Mearene Jordan, Rene para los amigos, nació en un barrio humilde de San Luis, y Ava Gardner, en un pequeño pueblo a 13 kilómetros de la ciudad de Smithfield (en la que se encuentra el museo de la actriz), volcado en la agricultura. Más allá de la principal y evidente diferencia, que Jordan era afroamericana, ambas crecieron en familias numerosas, con estrecheces y con padres volcados en sacar adelante a sus vástagos. Jordan se fue de casa a los 16 años, y se mudó a Chicago para ganarse la vida en lo que fuera: niñera, en el guardarropa de clubes nocturnos, fábricas de costura.

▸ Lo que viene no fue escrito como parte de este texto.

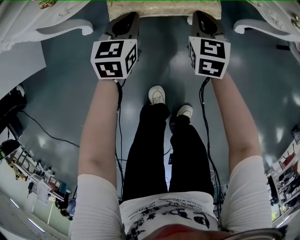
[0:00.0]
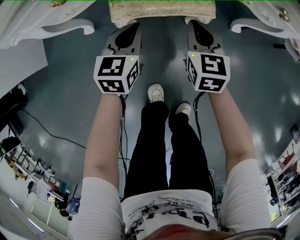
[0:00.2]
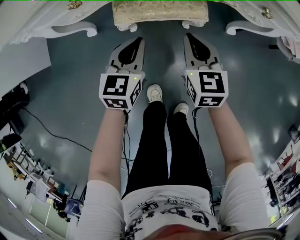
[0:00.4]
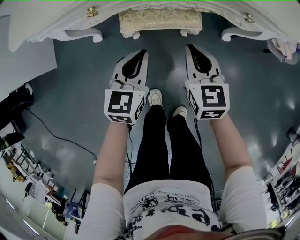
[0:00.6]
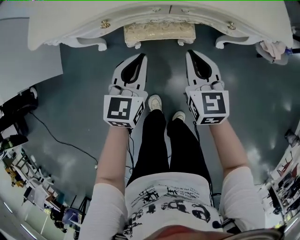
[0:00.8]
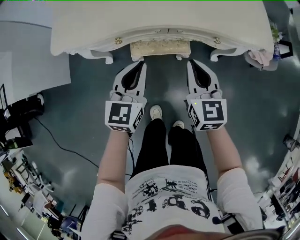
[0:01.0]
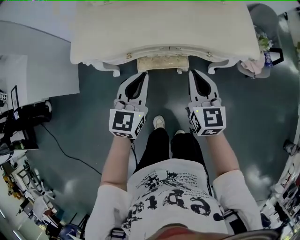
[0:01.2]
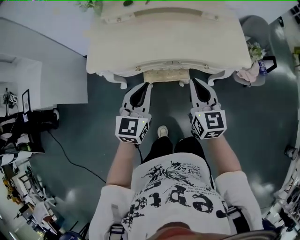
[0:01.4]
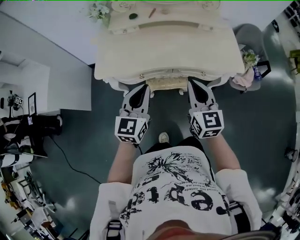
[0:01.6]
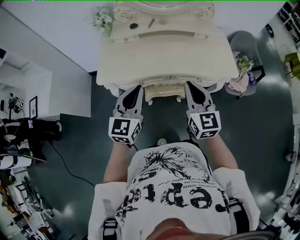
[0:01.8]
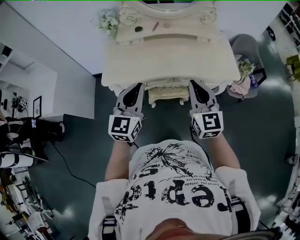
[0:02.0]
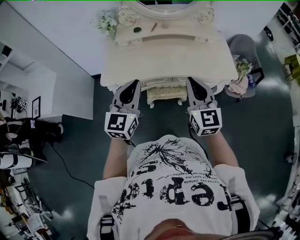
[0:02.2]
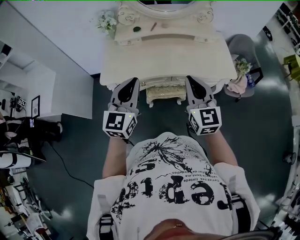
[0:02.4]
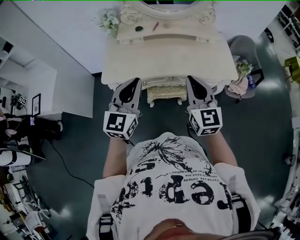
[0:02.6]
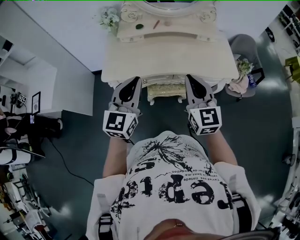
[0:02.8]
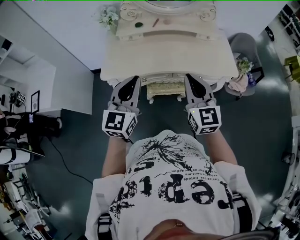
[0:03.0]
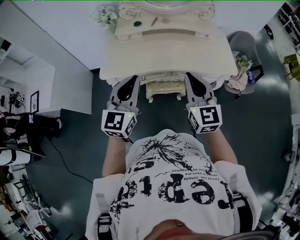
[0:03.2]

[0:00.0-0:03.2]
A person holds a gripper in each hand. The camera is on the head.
0:00.0 to 0:01.6: The two grippers go roughly 60 cm upward. The left gripper rotates approximately 30 degrees; the right gripper changes its angle by about 30 degrees.
0:01.6 to 0:03.2: Both grippers move upward, about 10 cm.

Acabó instalándose en Los Ángeles, donde era más fácil conseguir trabajo. Una de sus hermanas, Tressie, había sido criada en la casa del matrimonio Artie Shaw-Ava Gardner, y cuando intuyó que la relación se desmoronaba, recomendó a Rene para cuidar de la actriz en su nuevo apartamento. Gardner llevaba un lustro en Hollywood y el divorcio con Shaw, en 1946, ya era el segundo que encaraba. Con solo 24 años tenía dos exmaridos y un montón de pequeños papeles en los que poco había podido demostrar. Esperaba su oportunidad mientras cobraba un magro salario del que además empezó a salir el sueldo de Jordan. La autora escribe al verla antes de la conversación en la que fue contratada: “Delgada como una caña de bambú, pero con unas curvas evidentes, el pelo recogido en un pañuelo rojo, el rostro ovalado, un hoyuelo en la barbilla, los ojos verdes centelleantes y una sonrisa cálida y maravillosa”. Jordan aceptó el trabajo y muchas noches durmió en el sofá cama del salón de aquel pequeño departamento.

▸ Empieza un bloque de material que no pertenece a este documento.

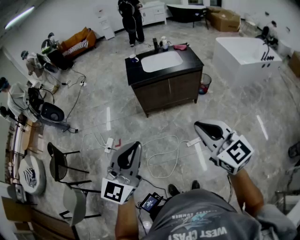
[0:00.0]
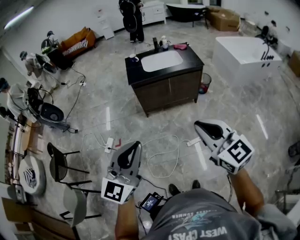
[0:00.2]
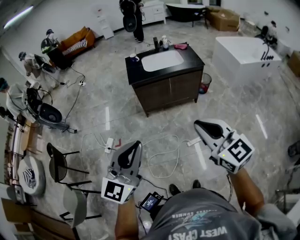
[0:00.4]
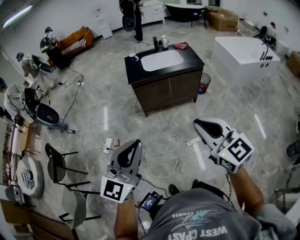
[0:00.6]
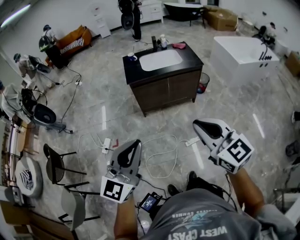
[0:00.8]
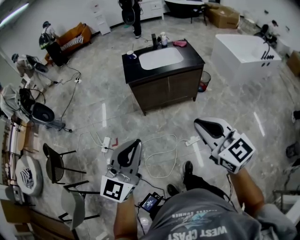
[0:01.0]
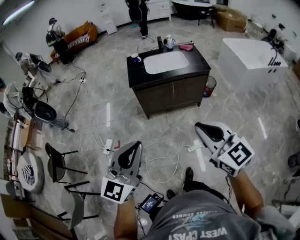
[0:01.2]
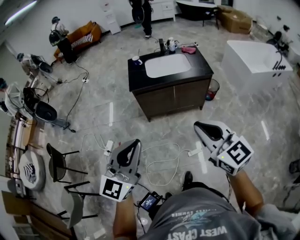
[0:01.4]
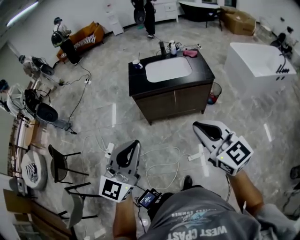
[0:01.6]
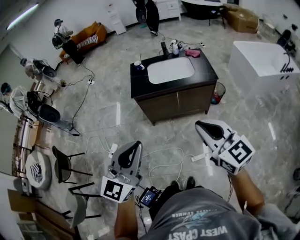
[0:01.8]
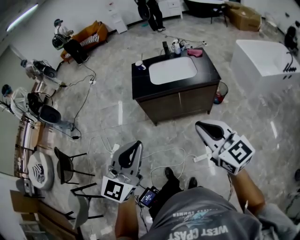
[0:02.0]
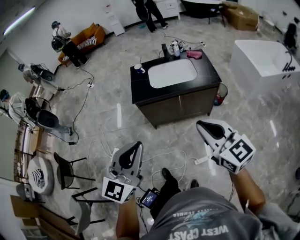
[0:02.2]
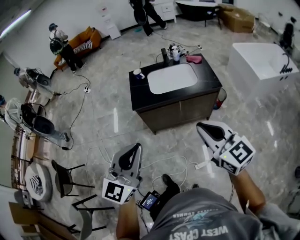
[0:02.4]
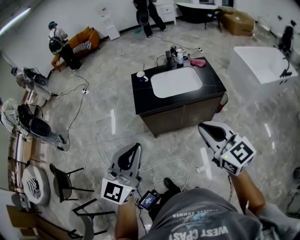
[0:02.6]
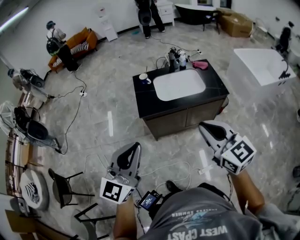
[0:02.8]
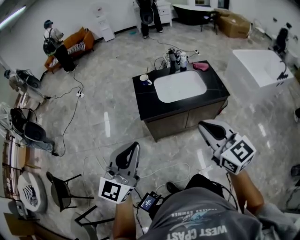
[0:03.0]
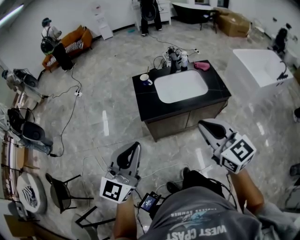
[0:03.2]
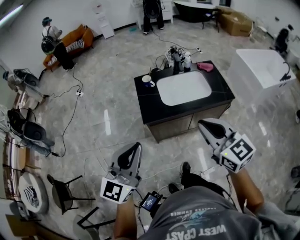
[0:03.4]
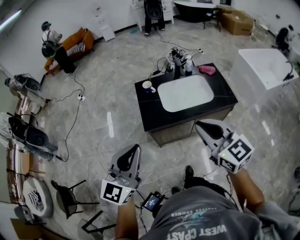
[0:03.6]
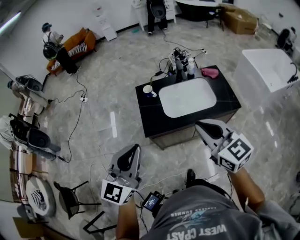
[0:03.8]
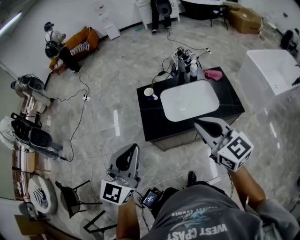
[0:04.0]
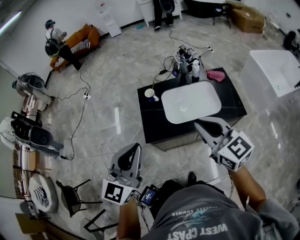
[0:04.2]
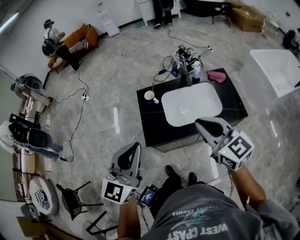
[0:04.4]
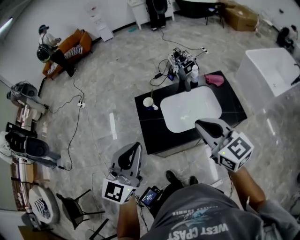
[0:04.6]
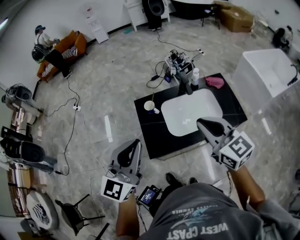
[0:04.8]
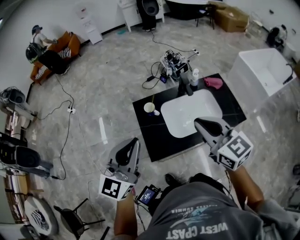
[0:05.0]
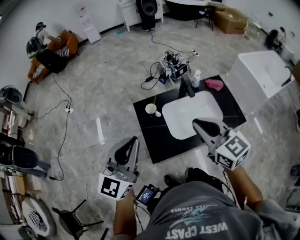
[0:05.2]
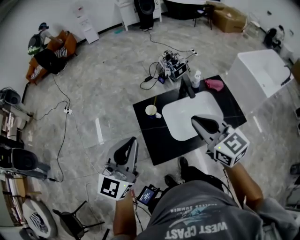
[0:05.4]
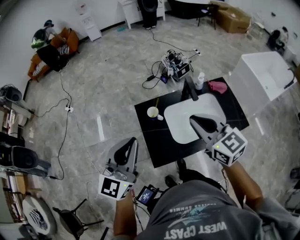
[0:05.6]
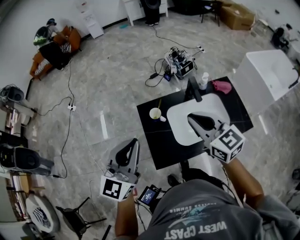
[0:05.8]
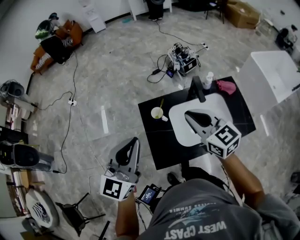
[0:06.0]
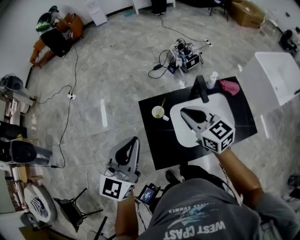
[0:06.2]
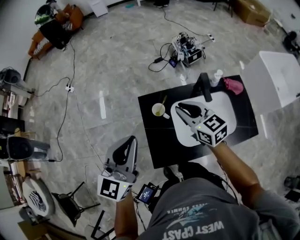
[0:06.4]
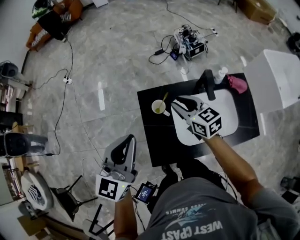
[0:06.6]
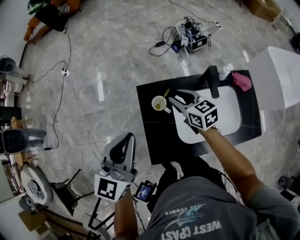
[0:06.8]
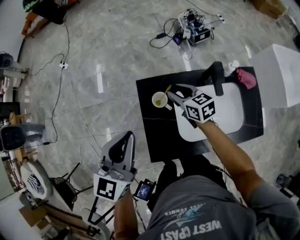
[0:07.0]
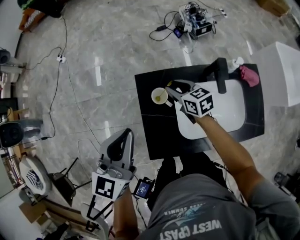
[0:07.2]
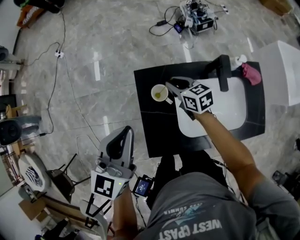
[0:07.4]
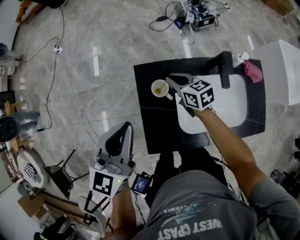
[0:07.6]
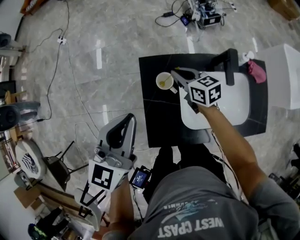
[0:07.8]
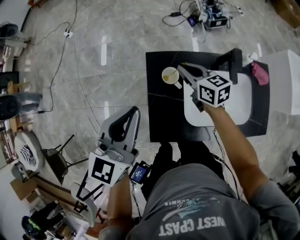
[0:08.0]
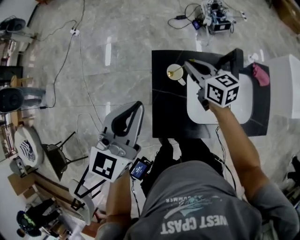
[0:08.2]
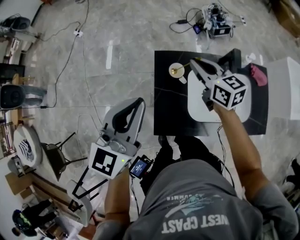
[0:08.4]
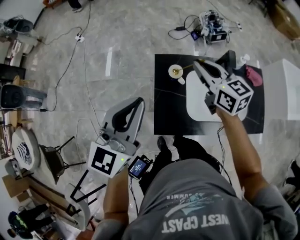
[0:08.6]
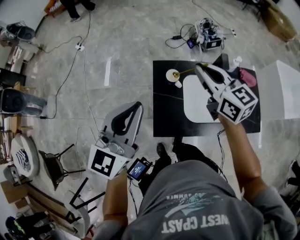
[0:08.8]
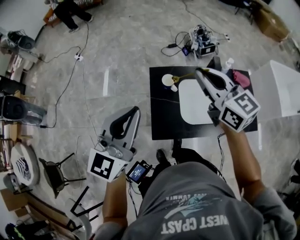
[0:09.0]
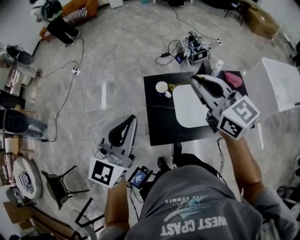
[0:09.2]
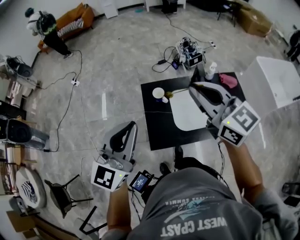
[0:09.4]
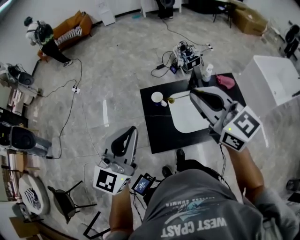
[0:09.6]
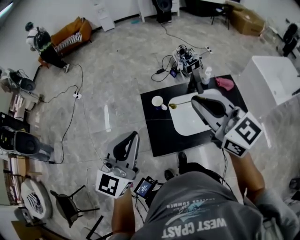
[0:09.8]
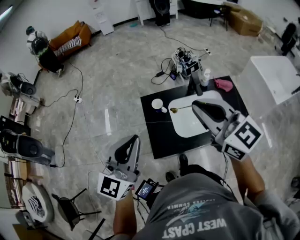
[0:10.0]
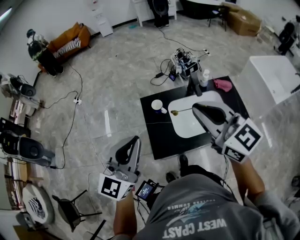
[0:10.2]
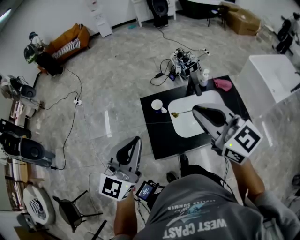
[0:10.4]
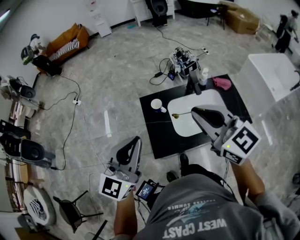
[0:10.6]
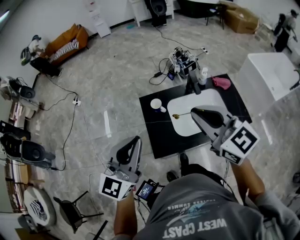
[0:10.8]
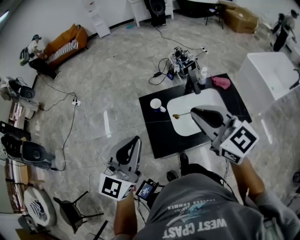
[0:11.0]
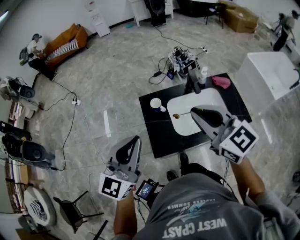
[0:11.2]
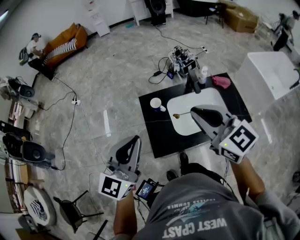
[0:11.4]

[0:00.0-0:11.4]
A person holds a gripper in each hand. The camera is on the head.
0:00.0 to 0:01.4: Both grippers travel together forward, roughly 15 cm.
0:01.4 to 0:02.8: Both grippers travel together forward, roughly 25 cm.
0:02.8 to 0:04.2: The two grippers go about 25 cm forward.
0:04.2 to 0:05.6: The grippers both shift forward and to the left by about 20 cm.
0:05.6 to 0:07.2: The right gripper moves downward and forward, approximately 40 cm, changes its angle by about 30 degrees, and opens up, while the left gripper heads downward and forward, covering about 20 cm, and rotates about 20 degrees.
0:07.2 to 0:08.6: The right gripper shifts some 20 cm upward, changes its angle by about 20 degrees, and closes, while the left gripper heads backward and upward, covering roughly 10 cm.
0:08.6 to 0:10.0: The right gripper is displaced backward and upward by about 30 cm, and rotates about 20 degrees. The left gripper travels backward and upward by some 10 cm.
0:10.0 to 0:11.4: The grippers make only small movements.

La carrera de Gardner mejoró gracias al estreno de Forajidos aquel 1946, aunque tuvo que batallar, y mucho, contra el contrato leonino que la ataba a MGM. Jordan describe su talento interpretativo como muy superior al mostrado en pantalla, y a la vez subraya su candidez para los negocios, su mala elección de compañías masculinas, y su fiereza a la hora de que su asistente entrara con ella en alojamientos y restaurantes: vivían en un Estados Unidos marcado por las leyes segregacionistas, absolutamente racistas. “Ava era como mi guardaespaldas”, escribe.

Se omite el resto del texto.